---
title: "Introduction to {rtables}"
author: "Gabriel Becker and Adrian Waddell"
date: "`r Sys.Date()`"
output: rmarkdown::html_vignette
vignette: >
  %\VignetteIndexEntry{Introduction to {rtables}}
  %\VignetteEncoding{UTF-8}
  %\VignetteEngine{knitr::rmarkdown}
editor_options:
  chunk_output_type: console
---


```{r, include = FALSE}
suggested_dependent_pkgs <- c("dplyr")
knitr::opts_chunk$set(
  collapse = TRUE,
  comment = "#>",
  eval = all(vapply(
    suggested_dependent_pkgs,
    requireNamespace,
    logical(1),
    quietly = TRUE
  ))
)
```
```{r, echo=FALSE}
knitr::opts_chunk$set(comment = "#")
```

## Introduction

The `rtables` package provides a framework to create, tabulate, and
output tables in R. Most of the design requirements for `rtables`
have their origin in studying tables that are commonly used to report
analyses from clinical trials; however, we were careful to keep
`rtables` a general purpose toolkit.

In this vignette, we give a short introduction into `rtables` and
tabulating a table.

The content in this vignette is based on the following two resources:

* The [`rtables` useR 2020 presentation](https://www.youtube.com/watch?v=CBQzZ8ZhXLA)
by Gabriel Becker
* [`rtables` - A Framework For Creating Complex Structured Reporting Tables Via
Multi-Level Faceted Computations](https://arxiv.org/pdf/2306.16610).

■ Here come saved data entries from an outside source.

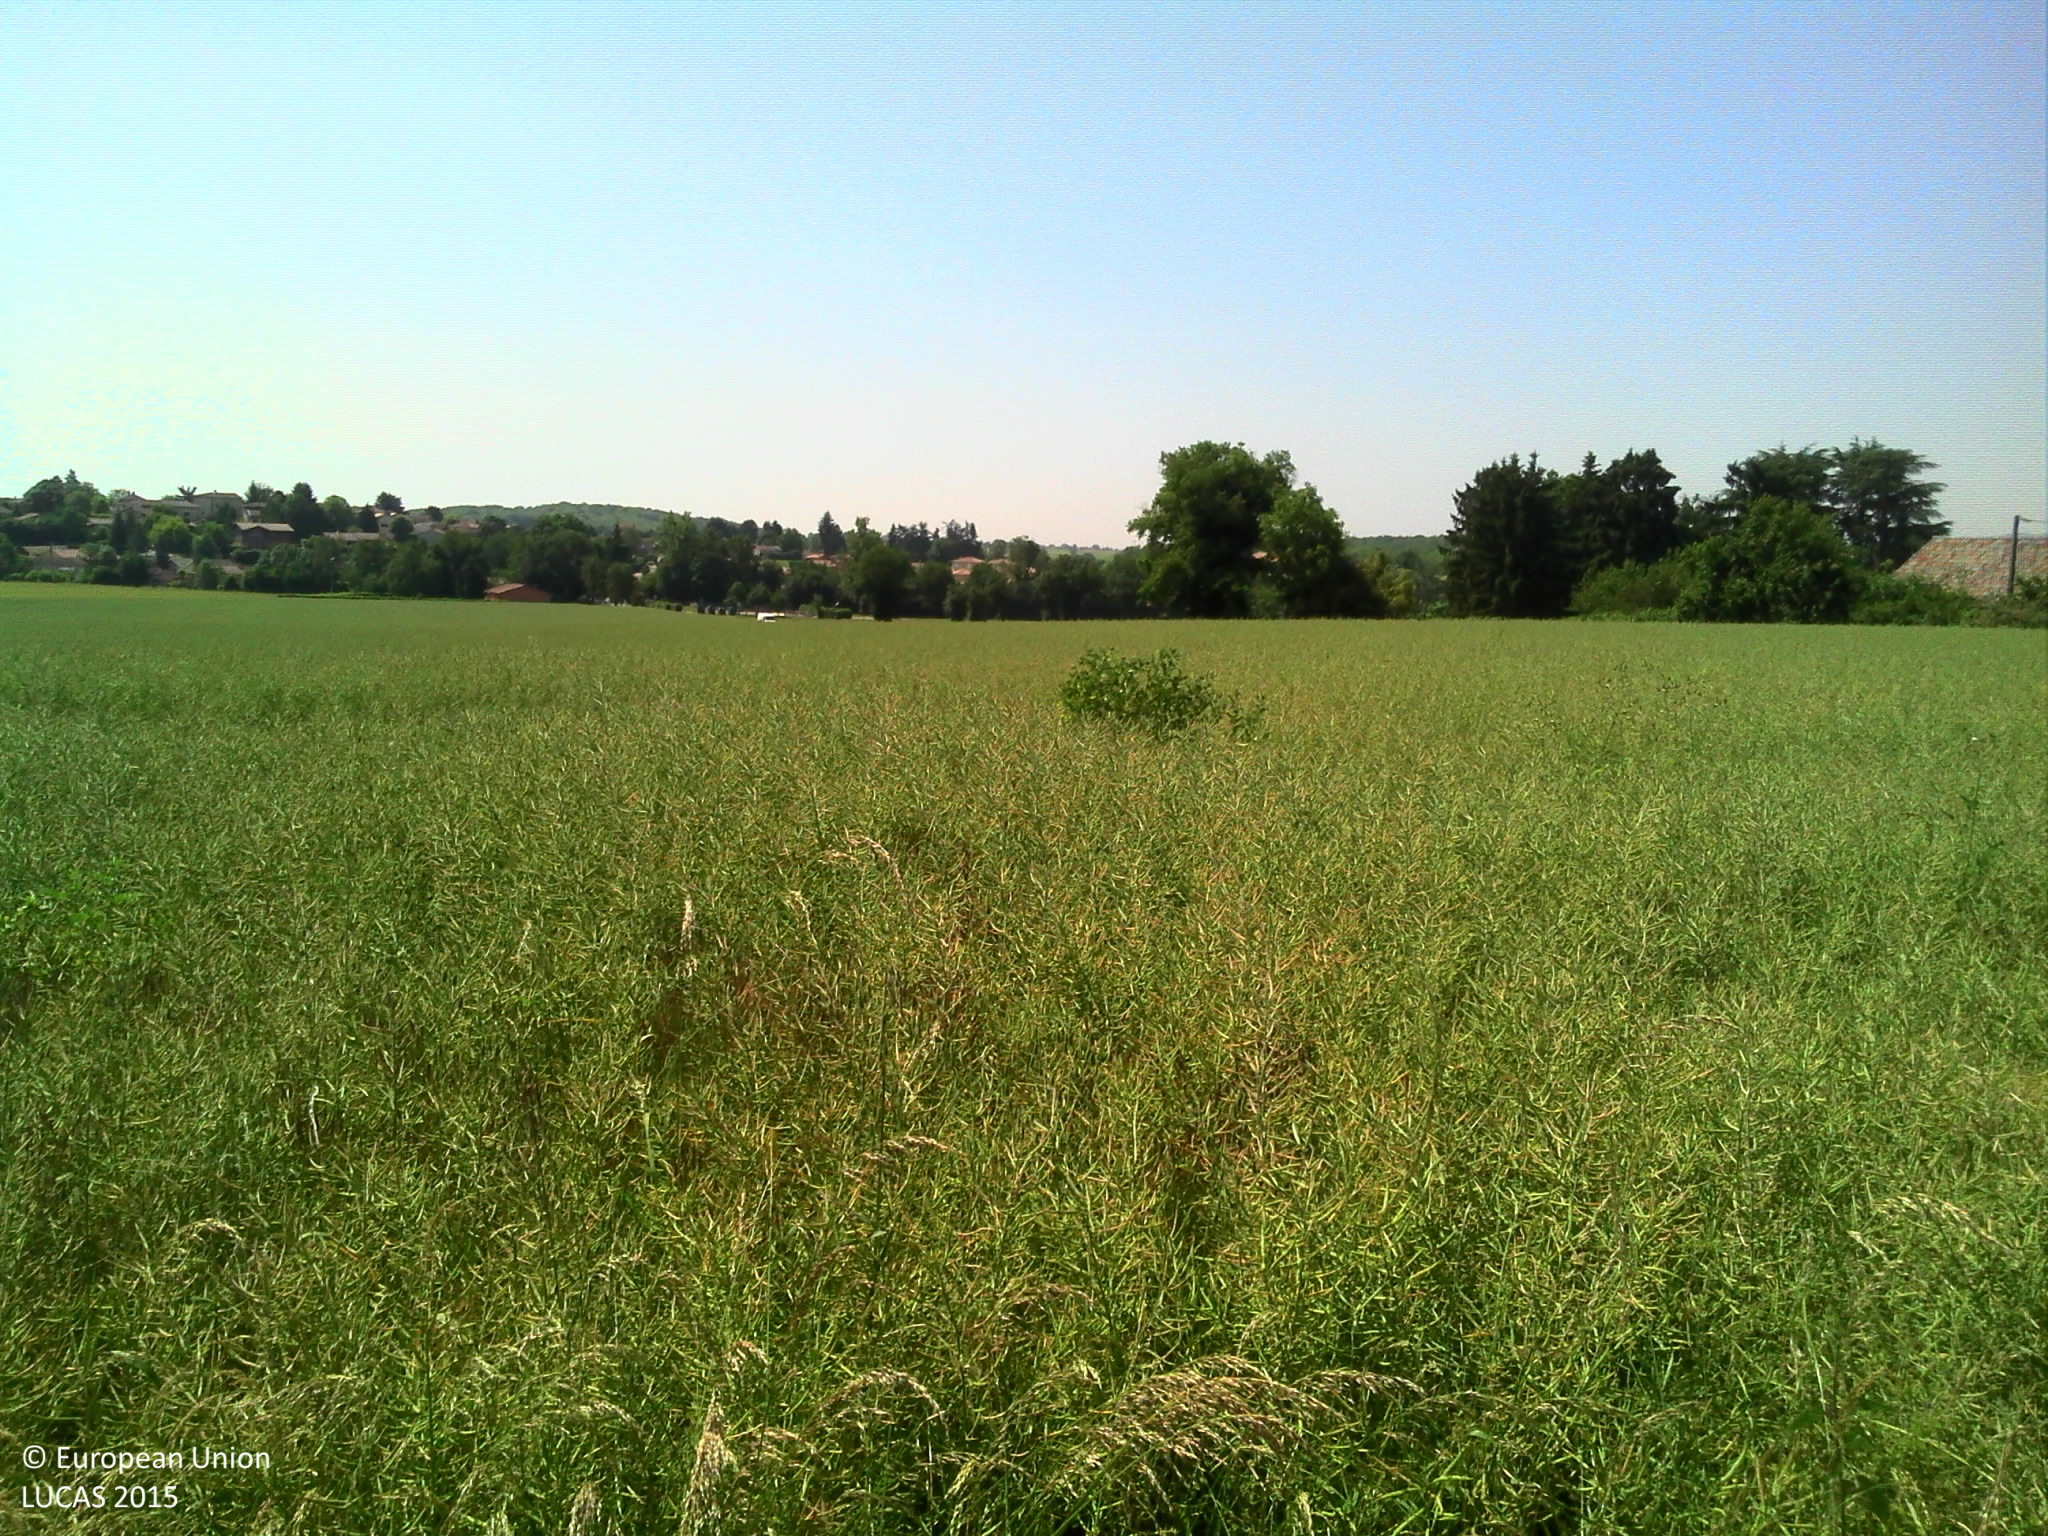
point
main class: Cropland
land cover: Rape and turnip rape
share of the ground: > 75 %
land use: Agriculture (excluding fallow land and kitchen gardens)
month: June
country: FR
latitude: 45.9579
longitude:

The packages used in this vignette are `rtables` and `dplyr`:

```{r, message=FALSE}
library(rtables)
library(dplyr)
```

## Overview

To build a table using `rtables` two components are required: A layout constructed
using `rtables` functions, and a `data.frame` of unaggregated data. These two
elements are combined to build a table object. Table objects contain information
about both the content and the structure of the table, as well as instructions on
how this information should be processed to construct the table. After obtaining the
table object, a formatted table can be printed in ASCII format, or exported to a
variety of other formats (`.txt`, `.pdf`, `.docx`, etc.).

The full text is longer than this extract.